Re: [pypy-dev] Differences performance Julia / PyPy on very similar codes

PIERRE AUGIER Tue, 22 Dec 2020 07:34:35 -0800

----- Mail original -----
> De: "David Edelsohn" <dje....@gmail.com>
> À: "PIERRE AUGIER" <pierre.aug...@univ-grenoble-alpes.fr>
> Cc: "pypy-dev" <pypy-dev@python.org>
> Envoyé: Lundi 21 Décembre 2020 23:47:22
> Objet: Re: [pypy-dev] Differences performance Julia / PyPy on very similar 
> codes


> You did not state on exactly what system you are conducting the
> experiment, but "a factor of 4" seems very close to the
> auto-vectorization speedup of a vector of floats.

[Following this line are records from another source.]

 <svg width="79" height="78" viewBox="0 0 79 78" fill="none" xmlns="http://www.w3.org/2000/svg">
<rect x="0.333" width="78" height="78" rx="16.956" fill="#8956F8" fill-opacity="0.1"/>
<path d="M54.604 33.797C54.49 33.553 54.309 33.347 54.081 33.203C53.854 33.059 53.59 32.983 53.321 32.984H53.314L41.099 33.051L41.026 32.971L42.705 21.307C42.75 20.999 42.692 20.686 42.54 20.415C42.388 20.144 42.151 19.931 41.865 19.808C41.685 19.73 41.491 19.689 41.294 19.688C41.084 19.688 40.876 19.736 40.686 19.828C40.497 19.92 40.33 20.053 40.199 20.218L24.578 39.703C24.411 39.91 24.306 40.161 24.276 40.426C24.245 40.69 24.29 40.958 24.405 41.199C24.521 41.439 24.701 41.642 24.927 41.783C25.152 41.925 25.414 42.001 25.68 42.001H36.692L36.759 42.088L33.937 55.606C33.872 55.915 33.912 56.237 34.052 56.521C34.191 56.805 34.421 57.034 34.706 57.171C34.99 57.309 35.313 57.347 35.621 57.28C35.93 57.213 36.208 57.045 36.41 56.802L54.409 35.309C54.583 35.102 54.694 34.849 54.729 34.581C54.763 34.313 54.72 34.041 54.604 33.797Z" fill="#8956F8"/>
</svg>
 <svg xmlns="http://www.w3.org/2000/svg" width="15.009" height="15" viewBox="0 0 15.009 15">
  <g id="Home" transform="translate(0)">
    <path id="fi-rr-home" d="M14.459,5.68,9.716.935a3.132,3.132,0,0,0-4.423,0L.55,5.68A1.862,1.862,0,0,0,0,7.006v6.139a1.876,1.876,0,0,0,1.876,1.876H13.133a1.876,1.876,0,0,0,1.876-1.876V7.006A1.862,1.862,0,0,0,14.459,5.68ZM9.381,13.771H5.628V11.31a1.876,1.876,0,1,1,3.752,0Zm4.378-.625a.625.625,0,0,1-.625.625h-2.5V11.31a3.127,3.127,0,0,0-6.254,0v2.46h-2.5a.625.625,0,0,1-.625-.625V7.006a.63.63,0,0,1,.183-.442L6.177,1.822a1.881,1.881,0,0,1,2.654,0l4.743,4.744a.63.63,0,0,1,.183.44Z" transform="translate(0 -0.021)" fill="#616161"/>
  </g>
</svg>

The problem is described in details in the repository 
https://github.com/paugier/nbabel and in the related issue 
https://foss.heptapod.net/pypy/pypy/-/issues/3349

>> I think it would be very interesting to understand why PyPy is much slower 
>> than
>> Julia in this case (a factor 4 slower than very simple Julia). I'm wondering 
>> if
>> it is an issue of the language or a limitation of the implementation.
> 
> If the performance gap is caused by auto-vectorization, I would
> recommend that you use consider Numpy with Numba LLVM-based JIT.  Or,
> for a "pure" Python solution, you can experiment with an older release
> of PyPy and NumPyPy.

There is already an implementation based on Numba (which is slower and in my 
point of view less elegant that what can be done with Transonic-Pythran). 

Here, it is really about what can be done with PyPy, nowadays and in future. 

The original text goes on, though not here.